| estimate_uncertainty_by_repeatability {aniDom} | R Documentation |
Calculate the repeatability score of ranks from randomisations of the interaction orders.
Description
Calculates the Intraclass Correlation Coefficient for each individual after randomising the order of interactions in the given dataset.
Usage
estimate_uncertainty_by_repeatability(winners, losers, identities = NULL,
sigmoid.param = 1/100, K = 200, init.score = 0, n.rands = 1000)
Arguments
winners |
Vector containing the identity of the winners. This can be integers or strings. |
losers |
Vector containing the identity of the losers. This can be integers or strings. These should be in the same order as the winners (i.e. winners[1] should be the winner and losers[1] should be the loser from the same contest). |
identities |
Optional vector containing the identity of all individuals.
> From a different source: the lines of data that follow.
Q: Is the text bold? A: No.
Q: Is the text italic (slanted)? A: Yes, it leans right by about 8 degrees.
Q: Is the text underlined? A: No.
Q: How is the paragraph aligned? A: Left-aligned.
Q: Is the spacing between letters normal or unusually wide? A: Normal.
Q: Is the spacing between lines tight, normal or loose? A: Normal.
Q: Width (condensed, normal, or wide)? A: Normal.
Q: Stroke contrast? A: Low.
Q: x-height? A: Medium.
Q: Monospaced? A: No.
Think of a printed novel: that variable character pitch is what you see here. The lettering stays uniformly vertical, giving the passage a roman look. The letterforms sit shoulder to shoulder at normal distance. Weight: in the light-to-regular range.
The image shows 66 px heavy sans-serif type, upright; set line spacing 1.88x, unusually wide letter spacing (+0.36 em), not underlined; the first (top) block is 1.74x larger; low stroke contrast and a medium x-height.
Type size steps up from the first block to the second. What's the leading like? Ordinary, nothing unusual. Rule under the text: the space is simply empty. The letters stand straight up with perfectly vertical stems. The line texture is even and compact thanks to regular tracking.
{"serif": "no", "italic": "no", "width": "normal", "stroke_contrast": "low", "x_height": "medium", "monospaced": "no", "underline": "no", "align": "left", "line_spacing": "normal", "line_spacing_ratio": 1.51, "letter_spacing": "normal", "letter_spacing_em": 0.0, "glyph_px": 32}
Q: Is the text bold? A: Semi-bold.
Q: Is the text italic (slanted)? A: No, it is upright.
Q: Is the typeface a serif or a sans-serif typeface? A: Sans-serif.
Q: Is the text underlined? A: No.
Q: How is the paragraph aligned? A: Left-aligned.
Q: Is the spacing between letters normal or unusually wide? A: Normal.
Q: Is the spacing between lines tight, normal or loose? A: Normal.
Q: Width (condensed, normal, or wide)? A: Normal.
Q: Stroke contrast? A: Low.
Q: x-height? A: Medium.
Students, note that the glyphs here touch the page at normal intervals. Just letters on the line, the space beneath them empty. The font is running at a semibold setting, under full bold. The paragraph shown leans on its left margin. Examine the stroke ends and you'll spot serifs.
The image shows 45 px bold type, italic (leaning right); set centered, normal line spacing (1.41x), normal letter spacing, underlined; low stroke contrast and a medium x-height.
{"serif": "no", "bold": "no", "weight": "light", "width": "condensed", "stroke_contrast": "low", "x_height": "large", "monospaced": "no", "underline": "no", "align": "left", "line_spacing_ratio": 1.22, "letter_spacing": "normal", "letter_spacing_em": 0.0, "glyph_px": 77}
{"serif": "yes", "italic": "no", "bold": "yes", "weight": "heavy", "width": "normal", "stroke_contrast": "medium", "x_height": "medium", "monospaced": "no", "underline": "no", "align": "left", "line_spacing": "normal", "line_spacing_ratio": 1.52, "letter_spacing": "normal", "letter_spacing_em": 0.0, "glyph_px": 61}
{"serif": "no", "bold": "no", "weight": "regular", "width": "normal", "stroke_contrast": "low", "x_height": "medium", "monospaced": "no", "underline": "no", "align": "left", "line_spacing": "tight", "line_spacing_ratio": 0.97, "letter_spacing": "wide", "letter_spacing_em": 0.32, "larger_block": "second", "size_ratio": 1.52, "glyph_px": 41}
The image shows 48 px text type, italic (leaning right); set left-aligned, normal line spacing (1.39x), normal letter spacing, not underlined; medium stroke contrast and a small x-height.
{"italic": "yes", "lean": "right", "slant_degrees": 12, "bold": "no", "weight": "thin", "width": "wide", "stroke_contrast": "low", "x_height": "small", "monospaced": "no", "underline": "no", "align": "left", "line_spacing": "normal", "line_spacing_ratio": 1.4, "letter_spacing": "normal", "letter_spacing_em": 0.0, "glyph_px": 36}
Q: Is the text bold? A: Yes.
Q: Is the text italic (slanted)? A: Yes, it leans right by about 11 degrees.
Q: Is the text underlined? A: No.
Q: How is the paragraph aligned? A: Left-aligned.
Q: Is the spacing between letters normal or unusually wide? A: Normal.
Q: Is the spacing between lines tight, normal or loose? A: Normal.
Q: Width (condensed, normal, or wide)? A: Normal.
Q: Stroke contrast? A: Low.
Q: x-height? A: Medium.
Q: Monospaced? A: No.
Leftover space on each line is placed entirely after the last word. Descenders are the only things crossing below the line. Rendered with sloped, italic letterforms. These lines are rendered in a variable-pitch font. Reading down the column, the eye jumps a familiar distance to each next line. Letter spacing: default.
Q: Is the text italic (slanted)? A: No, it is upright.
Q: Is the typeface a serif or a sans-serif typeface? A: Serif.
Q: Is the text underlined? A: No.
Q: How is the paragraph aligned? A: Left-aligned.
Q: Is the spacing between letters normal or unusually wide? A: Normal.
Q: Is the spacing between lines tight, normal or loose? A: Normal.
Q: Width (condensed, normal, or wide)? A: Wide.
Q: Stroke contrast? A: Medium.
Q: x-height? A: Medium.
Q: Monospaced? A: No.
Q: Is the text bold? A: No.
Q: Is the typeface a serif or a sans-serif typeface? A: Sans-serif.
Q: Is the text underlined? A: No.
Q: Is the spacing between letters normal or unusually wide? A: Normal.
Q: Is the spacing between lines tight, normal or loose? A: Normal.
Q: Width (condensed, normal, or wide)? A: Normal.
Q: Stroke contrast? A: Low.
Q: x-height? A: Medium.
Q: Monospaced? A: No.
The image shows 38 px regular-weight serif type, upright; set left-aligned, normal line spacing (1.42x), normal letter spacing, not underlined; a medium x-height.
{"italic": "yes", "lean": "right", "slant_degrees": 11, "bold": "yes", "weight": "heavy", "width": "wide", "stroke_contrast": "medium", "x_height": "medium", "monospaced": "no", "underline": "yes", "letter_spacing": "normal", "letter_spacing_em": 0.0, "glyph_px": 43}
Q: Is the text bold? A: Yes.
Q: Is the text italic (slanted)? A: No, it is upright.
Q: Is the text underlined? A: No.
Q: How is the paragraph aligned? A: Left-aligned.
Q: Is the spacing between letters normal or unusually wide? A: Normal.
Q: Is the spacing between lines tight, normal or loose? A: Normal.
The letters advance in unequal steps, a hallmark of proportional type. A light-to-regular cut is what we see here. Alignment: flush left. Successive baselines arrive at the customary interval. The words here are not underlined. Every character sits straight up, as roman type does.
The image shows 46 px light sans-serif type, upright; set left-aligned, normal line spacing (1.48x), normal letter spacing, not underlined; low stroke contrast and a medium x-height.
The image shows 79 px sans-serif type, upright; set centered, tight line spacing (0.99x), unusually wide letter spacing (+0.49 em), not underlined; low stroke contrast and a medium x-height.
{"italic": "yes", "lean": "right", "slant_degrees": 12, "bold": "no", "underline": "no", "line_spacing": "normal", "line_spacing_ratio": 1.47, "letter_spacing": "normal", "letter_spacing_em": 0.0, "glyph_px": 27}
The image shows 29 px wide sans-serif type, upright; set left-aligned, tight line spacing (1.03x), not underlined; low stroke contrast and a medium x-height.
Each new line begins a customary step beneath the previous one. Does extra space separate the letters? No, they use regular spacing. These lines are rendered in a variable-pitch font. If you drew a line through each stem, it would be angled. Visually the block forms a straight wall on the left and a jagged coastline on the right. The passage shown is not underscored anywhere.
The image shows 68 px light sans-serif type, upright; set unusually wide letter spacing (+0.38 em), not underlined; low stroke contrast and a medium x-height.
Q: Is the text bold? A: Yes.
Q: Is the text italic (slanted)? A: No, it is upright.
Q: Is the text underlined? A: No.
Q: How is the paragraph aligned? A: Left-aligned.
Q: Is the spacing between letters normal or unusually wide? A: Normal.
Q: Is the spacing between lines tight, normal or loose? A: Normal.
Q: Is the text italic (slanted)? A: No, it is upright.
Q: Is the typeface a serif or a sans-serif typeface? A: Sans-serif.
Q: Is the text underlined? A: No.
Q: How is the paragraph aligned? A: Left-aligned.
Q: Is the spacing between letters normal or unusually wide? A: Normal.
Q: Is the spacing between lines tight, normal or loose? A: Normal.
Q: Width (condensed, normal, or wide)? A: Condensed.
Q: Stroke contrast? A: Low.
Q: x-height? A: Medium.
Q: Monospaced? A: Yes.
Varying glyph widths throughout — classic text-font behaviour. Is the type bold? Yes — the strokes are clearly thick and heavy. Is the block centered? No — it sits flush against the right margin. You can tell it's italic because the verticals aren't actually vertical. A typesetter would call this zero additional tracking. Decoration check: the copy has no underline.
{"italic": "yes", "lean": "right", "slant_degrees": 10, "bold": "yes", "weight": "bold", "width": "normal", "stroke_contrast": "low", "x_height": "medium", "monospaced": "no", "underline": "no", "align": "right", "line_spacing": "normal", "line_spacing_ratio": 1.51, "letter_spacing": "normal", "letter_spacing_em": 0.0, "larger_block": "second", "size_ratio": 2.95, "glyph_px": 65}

This is useful if not all individuals are represented in the winners and losers. |
sigmoid.param |
A parameter of the Elo function that determines the steepness of the sigmoid function (i.e how much the scores change for small differences in rank). Smaller values flatten the shape (more linear), whereas larger values create a stronger threshold function (more change for small differences in rank). |
K |
K is a parameter of the Elo function that determines the speed at which scores change after an encounter (default K=200). |
init.score |
Parameter of the Elo function that determines the starting score (does not have an effect on relative differences in score). |
n.rands |
The number of randomisations to perform. |
Details
Each ordering of winners and losers will yield slightly different Elo scores. This function takes the Elo scores from n.rands randomisations of the order of interactions. It then computes the repeatability score. This repeatability score can provide some insight into the level of certainty (or robustness) of the input data. Our simulations suggest that a repeatability score above 0.8 suggests a reasonably robust hierarchy, given a large input dataset (can be unreliable for small datasets, i.e. < 10 observations per indiviudal), or for extremely flat hierarchies.
Value
Returns an object of class rpt from the rptR library. This object contains all of the information required to estimate repeatability.
Author(s)
Written by Damien R. Farine & Alfredo Sanchez-Tojar
Maintainer: Damien R. Farine <damien.farine@ieu.uzh.ch>
References
Sanchez-Tojar, A., Schroeder, J., Farine, D.R. (in prep) Methods for inferring dominance hierarchies and estimating their uncertainty.
Examples
# Generate some input data
data <- generate_interactions(10,20,5,2)
# Extract winners and losers
winners <- data$interactions$Winner
losers <- data$interactions$Loser
# Calculate repeatability
r <- estimate_uncertainty_by_repeatability(winners,losers)